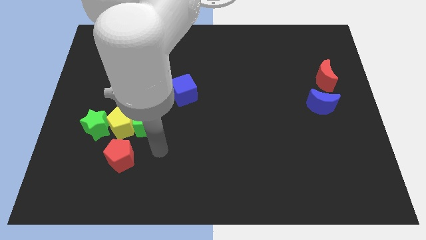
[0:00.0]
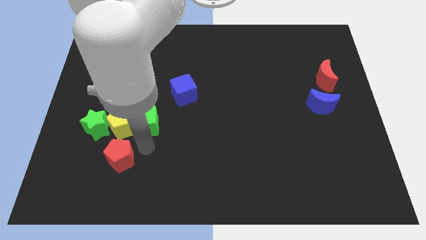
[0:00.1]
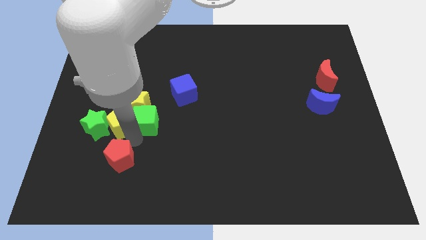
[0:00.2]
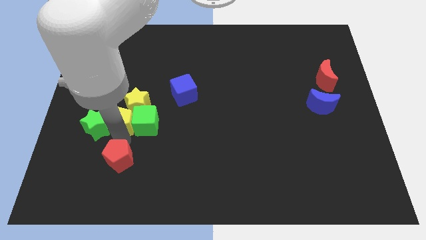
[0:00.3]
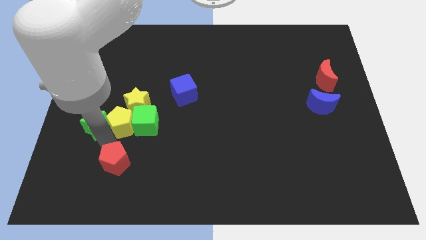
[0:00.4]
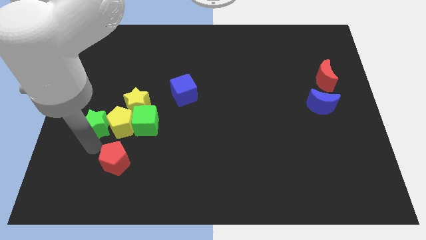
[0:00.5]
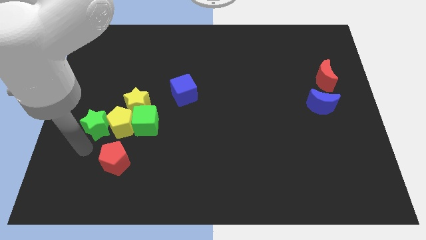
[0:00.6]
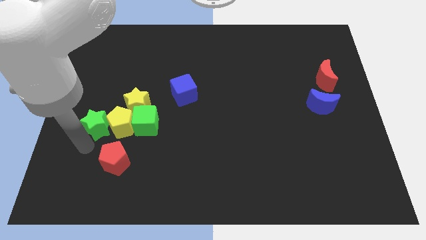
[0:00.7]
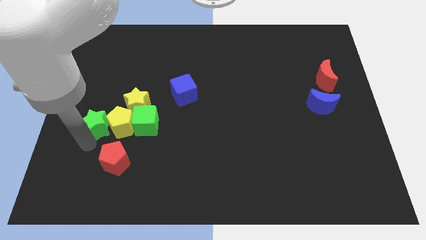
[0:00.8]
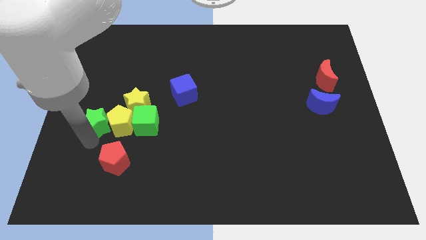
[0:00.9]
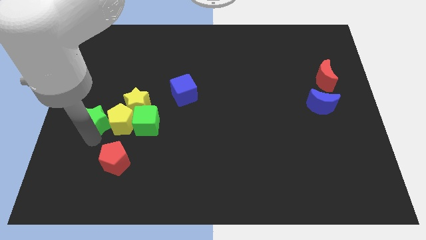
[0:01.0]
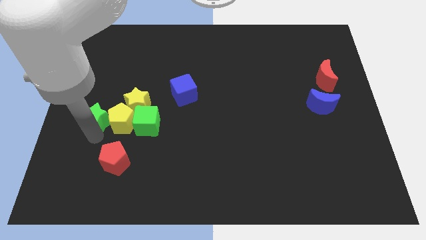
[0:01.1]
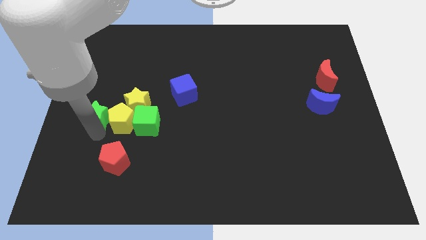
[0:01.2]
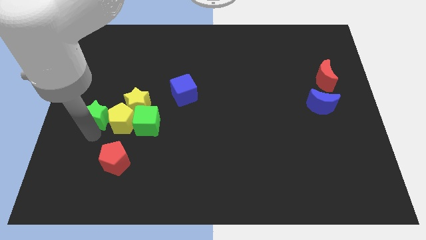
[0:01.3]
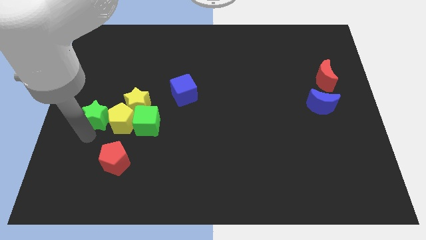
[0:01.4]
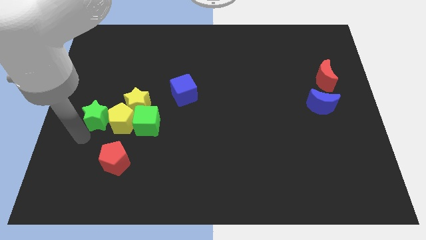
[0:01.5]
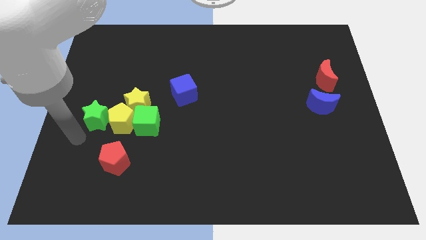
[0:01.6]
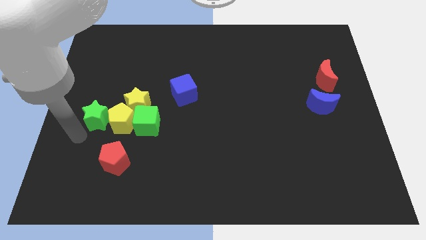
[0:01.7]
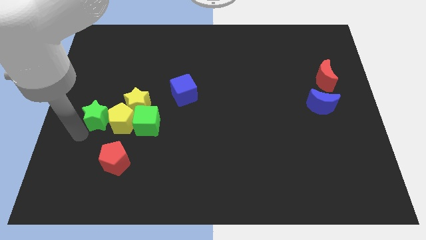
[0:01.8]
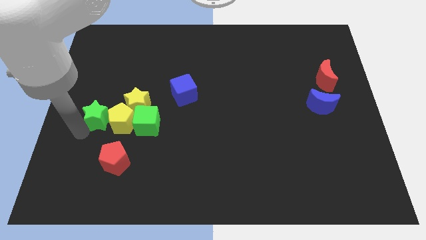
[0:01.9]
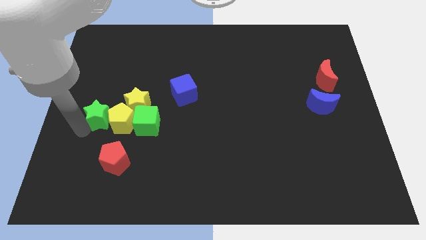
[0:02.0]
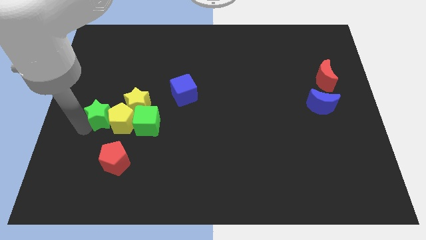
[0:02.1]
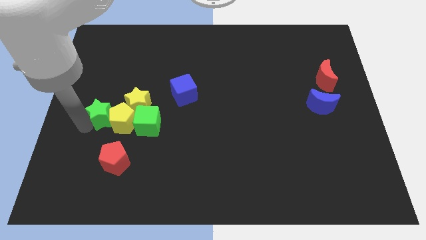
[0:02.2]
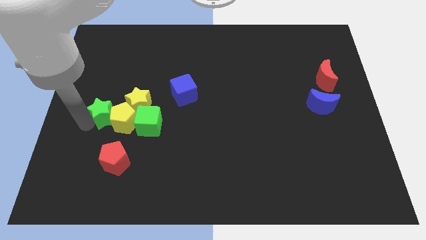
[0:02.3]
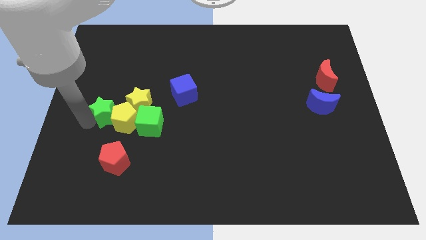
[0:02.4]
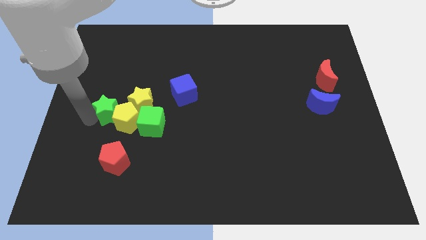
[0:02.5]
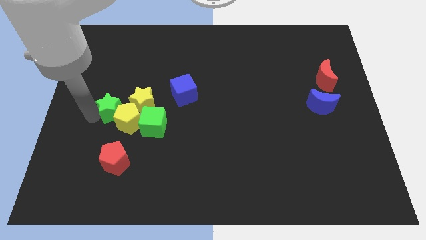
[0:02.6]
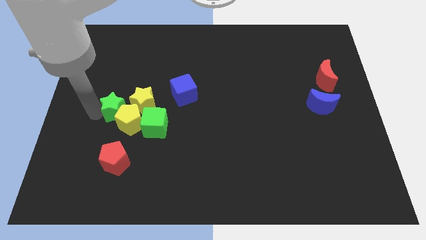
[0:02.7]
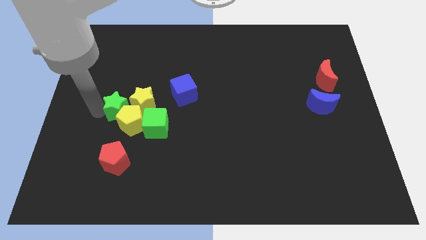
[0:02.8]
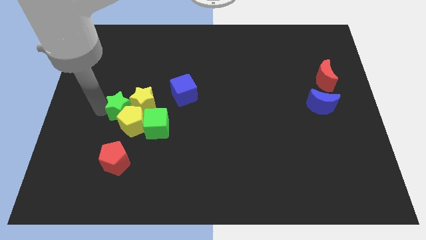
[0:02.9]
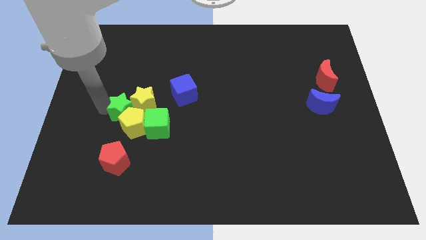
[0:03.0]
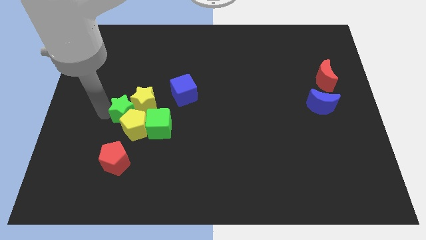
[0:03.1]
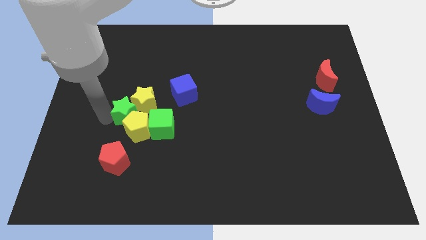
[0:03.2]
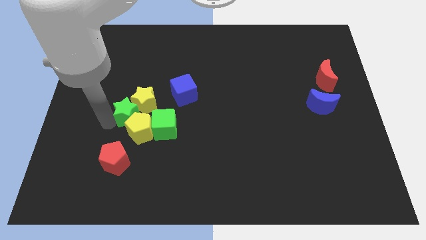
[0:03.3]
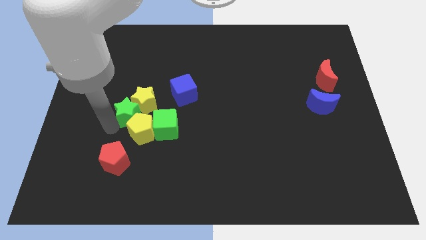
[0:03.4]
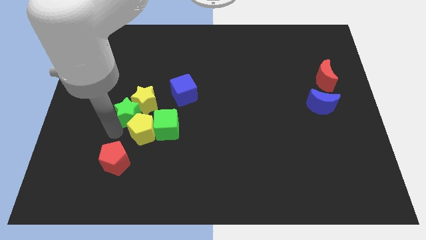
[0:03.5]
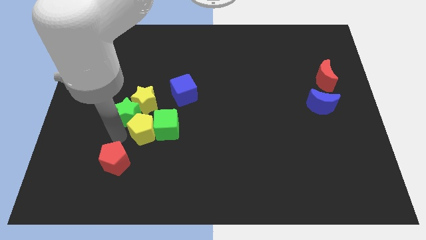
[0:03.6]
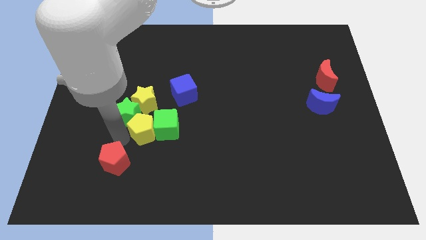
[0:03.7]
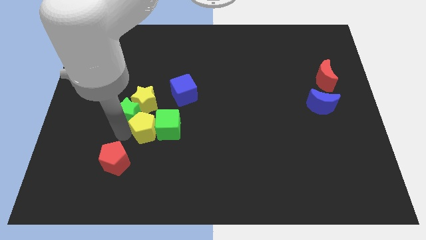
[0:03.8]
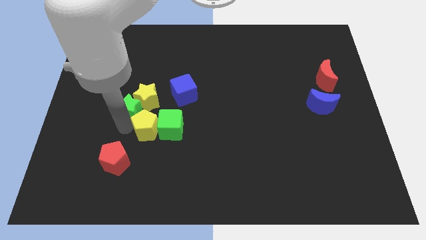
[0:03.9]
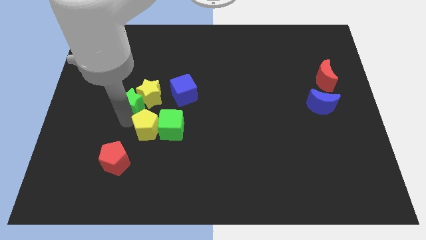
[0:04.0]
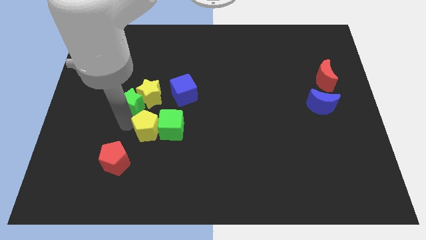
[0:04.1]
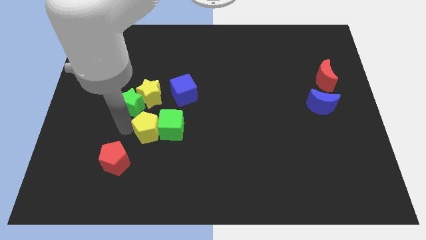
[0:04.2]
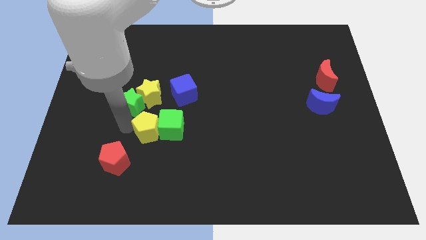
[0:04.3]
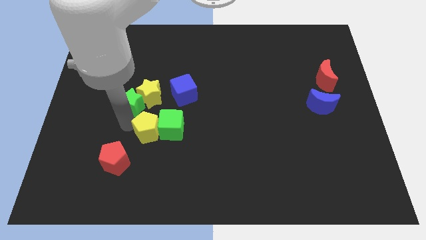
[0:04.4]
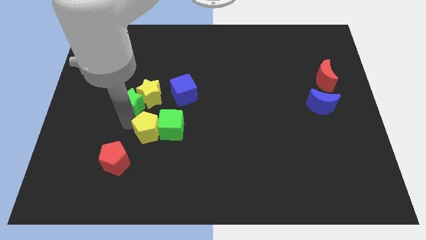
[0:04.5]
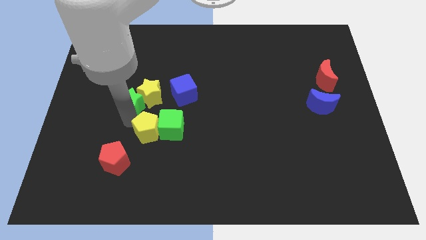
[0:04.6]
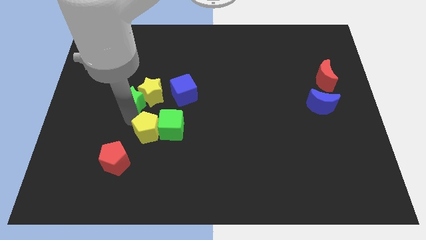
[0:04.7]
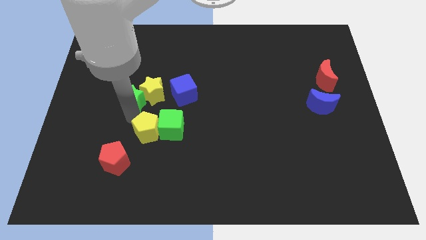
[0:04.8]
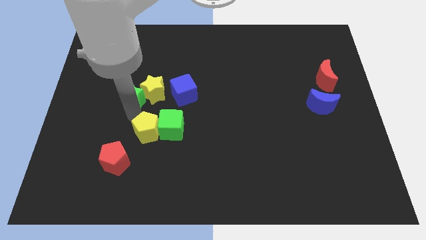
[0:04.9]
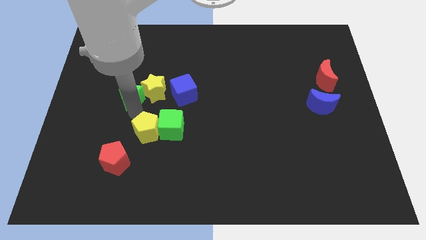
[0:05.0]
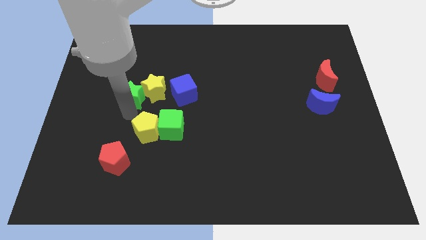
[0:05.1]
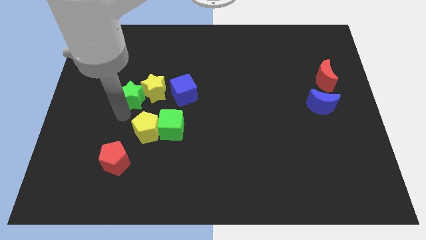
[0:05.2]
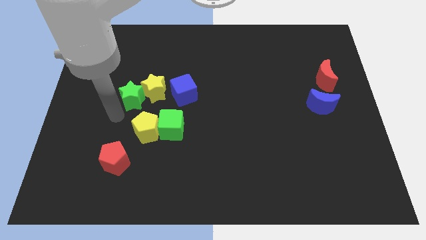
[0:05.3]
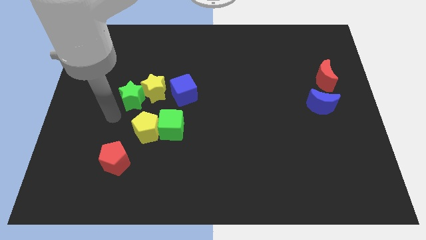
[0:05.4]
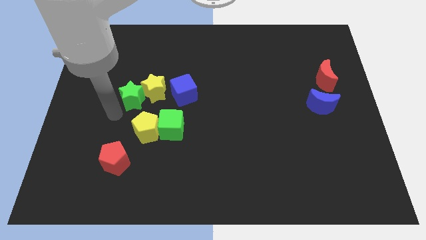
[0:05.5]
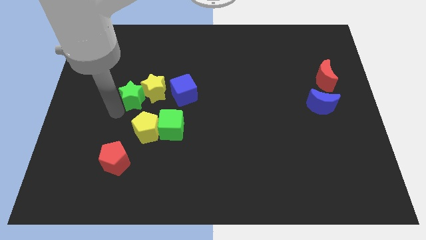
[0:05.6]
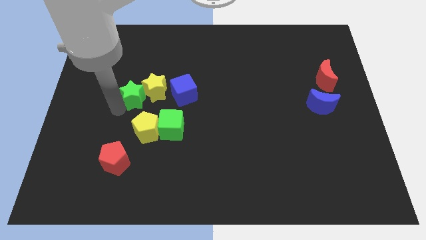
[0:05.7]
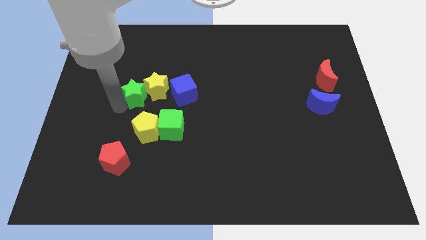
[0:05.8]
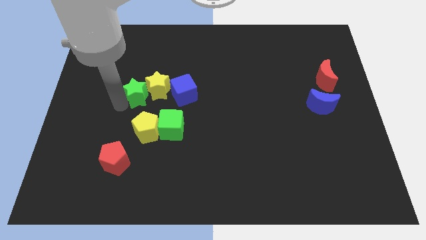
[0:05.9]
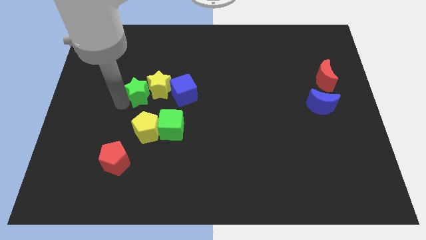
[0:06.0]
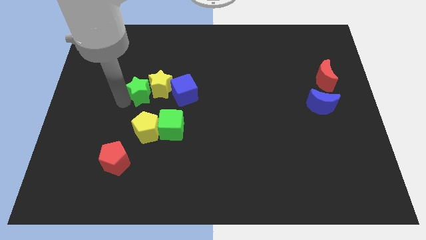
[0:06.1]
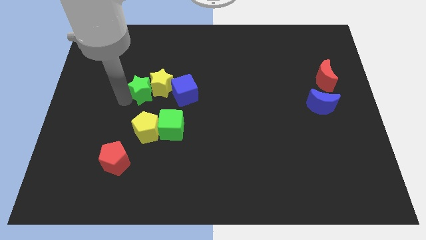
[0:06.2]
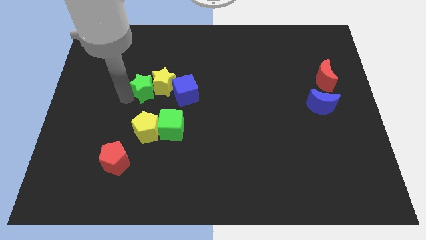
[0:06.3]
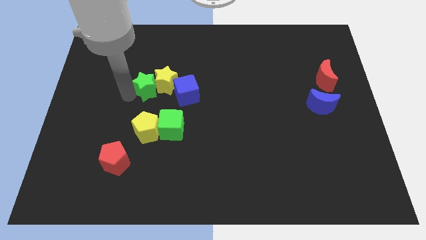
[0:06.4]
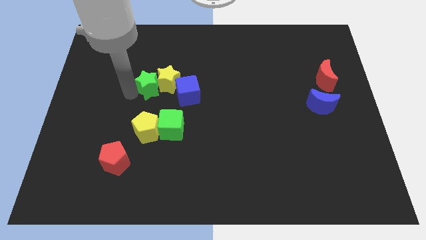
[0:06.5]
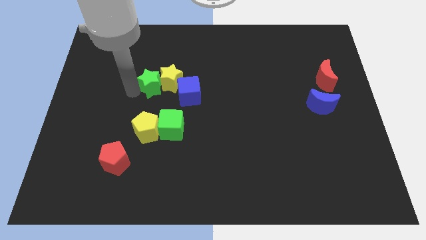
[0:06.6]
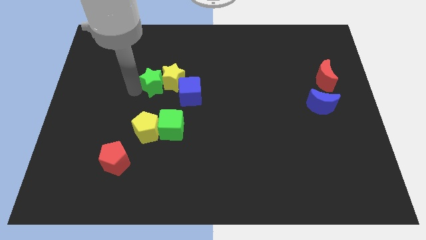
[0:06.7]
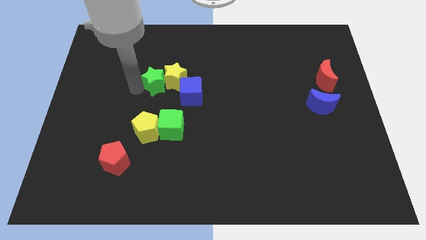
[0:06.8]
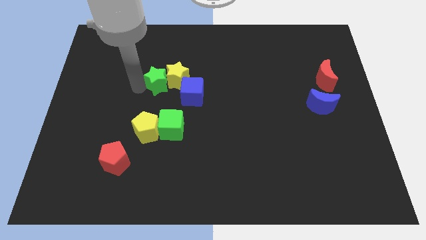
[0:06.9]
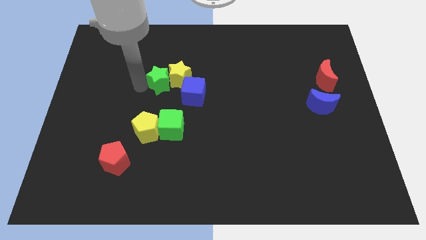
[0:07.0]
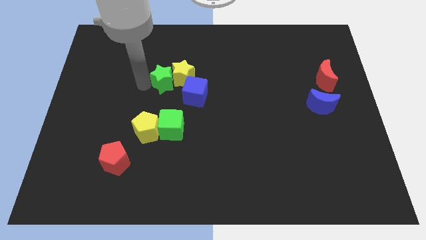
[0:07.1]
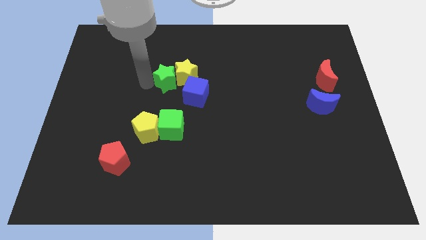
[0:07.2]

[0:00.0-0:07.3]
move the green star up and right

------

◆ Exercise details:
Output the data above exactly, excluding images.

◆ Completed exercise:
[0:00.0]
[0:00.1]
[0:00.2]
[0:00.3]
[0:00.4]
[0:00.5]
[0:00.6]
[0:00.7]
[0:00.8]
[0:00.9]
[0:01.0]
[0:01.1]
[0:01.2]
[0:01.3]
[0:01.4]
[0:01.5]
[0:01.6]
[0:01.7]
[0:01.8]
[0:01.9]
[0:02.0]
[0:02.1]
[0:02.2]
[0:02.3]
[0:02.4]
[0:02.5]
[0:02.6]
[0:02.7]
[0:02.8]
[0:02.9]
[0:03.0]
[0:03.1]
[0:03.2]
[0:03.3]
[0:03.4]
[0:03.5]
[0:03.6]
[0:03.7]
[0:03.8]
[0:03.9]
[0:04.0]
[0:04.1]
[0:04.2]
[0:04.3]
[0:04.4]
[0:04.5]
[0:04.6]
[0:04.7]
[0:04.8]
[0:04.9]
[0:05.0]
[0:05.1]
[0:05.2]
[0:05.3]
[0:05.4]
[0:05.5]
[0:05.6]
[0:05.7]
[0:05.8]
[0:05.9]
[0:06.0]
[0:06.1]
[0:06.2]
[0:06.3]
[0:06.4]
[0:06.5]
[0:06.6]
[0:06.7]
[0:06.8]
[0:06.9]
[0:07.0]
[0:07.1]
[0:07.2]

[0:00.0-0:07.3]
move the green star up and right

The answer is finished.